Airfares $     3,346.72
Accommodation $     2,478.14
Insurance $         168.64
Transport $     1,213.72
Food/Drink $     1,318.57
Sightseeing/Tours/Events $     203.16
Souvenirs/Gifts $         11.85
Other spending $         71.68

The trip was a little under 3 weeks and the airfares were the biggest single expense.  Less popular destinations, like Mauritius, are unlikely to have great deals on airfares.

We purchased an annual insurance policy this year to cover both this trip as well as 9 weeks in Europe later in the year.  I apportioned an amount based on a percentage of the total days we will be away during the period covered by the policy.

Transport was our hire car and fuel as well as car parking for our own car at the airport, top-up of our transit cards for Singapore and bus fares on one day in Mauritius.
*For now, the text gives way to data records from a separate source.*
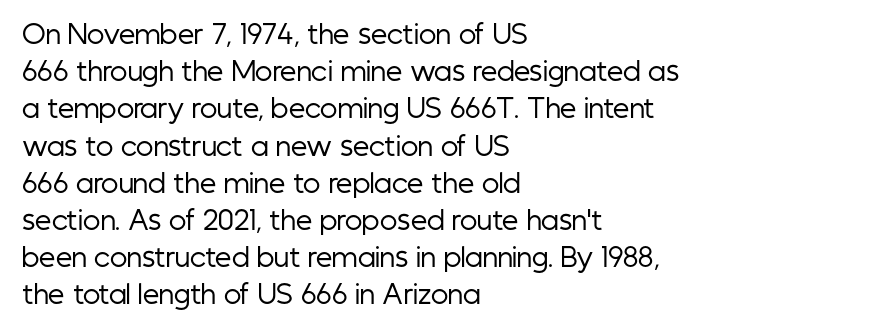
The image shows 26 px text type, upright; set left-aligned, normal line spacing (1.43x), normal letter spacing, not underlined.
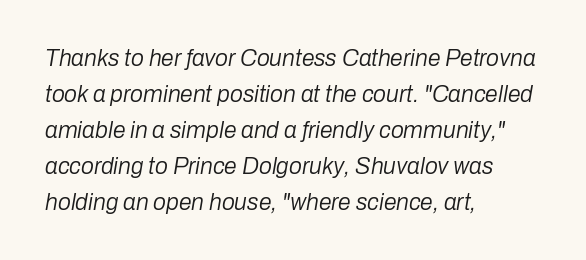
Q: Is the text bold? A: No.
Q: Is the text italic (slanted)? A: Yes, it leans right by about 10 degrees.
Q: Is the text underlined? A: No.
Q: How is the paragraph aligned? A: Left-aligned.
Q: Is the spacing between letters normal or unusually wide? A: Normal.
Q: Is the spacing between lines tight, normal or loose? A: Normal.
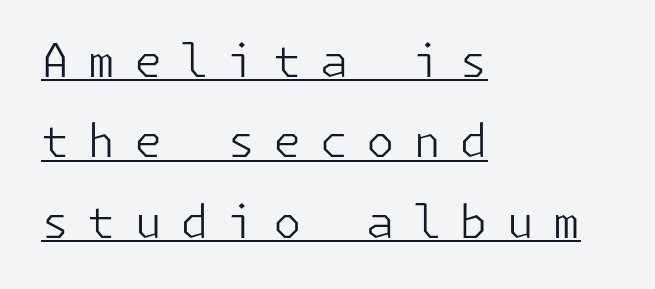
Q: Is the text bold? A: No.
Q: Is the text italic (slanted)? A: No, it is upright.
Q: Is the typeface a serif or a sans-serif typeface? A: Sans-serif.
Q: Is the text underlined? A: Yes.
Q: How is the paragraph aligned? A: Left-aligned.
Q: Is the spacing between letters normal or unusually wide? A: Unusually wide.
Q: Width (condensed, normal, or wide)? A: Normal.
Q: Stroke contrast? A: Low.
Q: x-height? A: Medium.
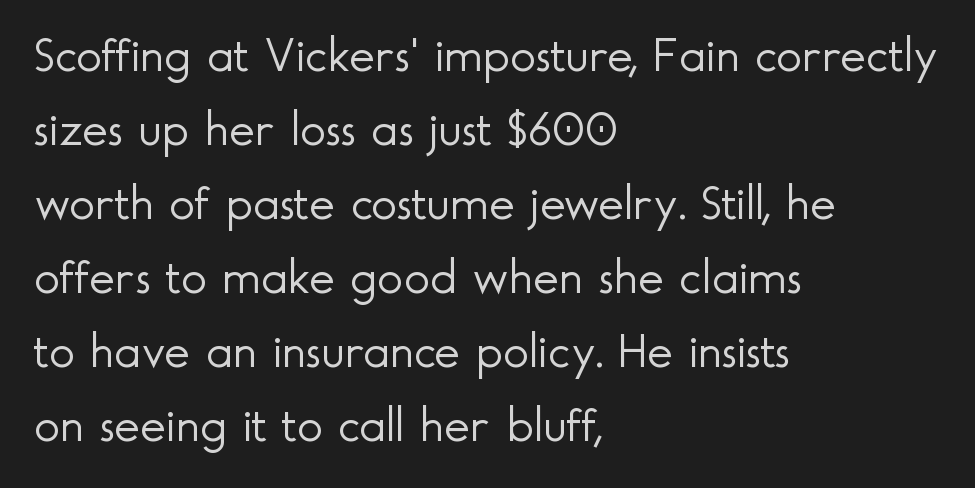
{"serif": "no", "italic": "no", "bold": "no", "weight": "light", "width": "normal", "x_height": "small", "monospaced": "no", "underline": "no", "align": "left", "line_spacing": "normal", "line_spacing_ratio": 1.51, "letter_spacing": "normal", "letter_spacing_em": 0.0, "glyph_px": 49}
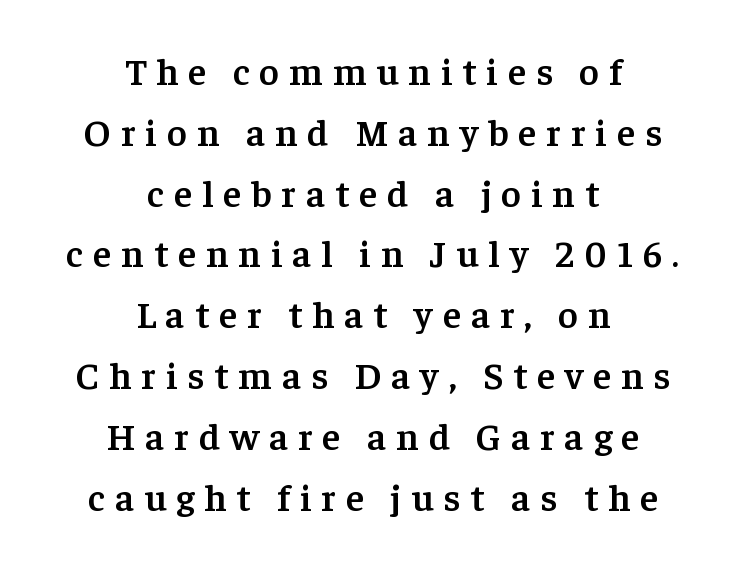
The image shows 38 px semibold serif type, upright; set centered, normal line spacing (1.6x), unusually wide letter spacing (+0.26 em), not underlined; low stroke contrast and a medium x-height.
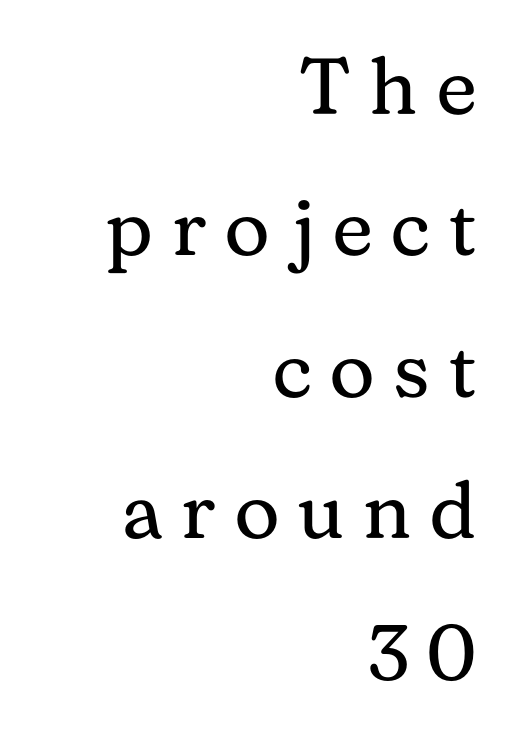
Words appear elongated and porous because spacing is wide. Proportional: the letters do not fall into vertical columns. Think standard paragraph weight, or any step lighter than that. Rendered with straight, roman letterforms. All the whitespace from short lines collects on the left. Glance below the letters and you will spot only blank space.
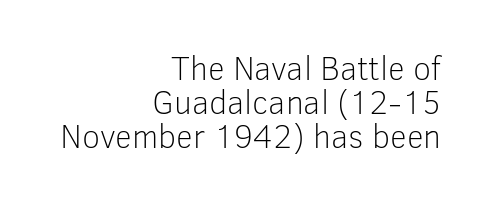
{"serif": "no", "italic": "no", "bold": "no", "weight": "light", "width": "normal", "stroke_contrast": "low", "x_height": "medium", "monospaced": "no", "underline": "no", "align": "right", "line_spacing": "tight", "line_spacing_ratio": 1.03, "letter_spacing": "normal", "letter_spacing_em": 0.0, "glyph_px": 33}
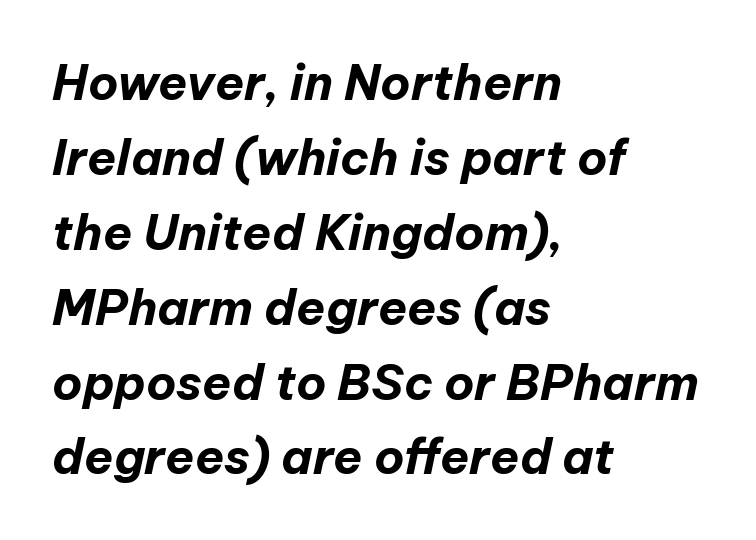
{"italic": "yes", "lean": "right", "slant_degrees": 12, "bold": "yes", "weight": "bold", "width": "normal", "stroke_contrast": "low", "x_height": "medium", "monospaced": "no", "underline": "no", "align": "left", "line_spacing": "normal", "line_spacing_ratio": 1.56, "letter_spacing": "normal", "letter_spacing_em": 0.0, "glyph_px": 48}

Food and drinks included dining out as well as groceries and alcohol.

There was very little in the way of sightseeing costs on this trip as it was predominately about the natural environment.

The final category of ‘Other’ was a couple of items from the chemist.

The trip was several months in the planning and we had pre-paid more than 80% of the total cost before we set out.

It is now 17 weeks until we depart for Edinburgh on the first leg of our next trip.  Watch this space for some more planning posts  in the next few months.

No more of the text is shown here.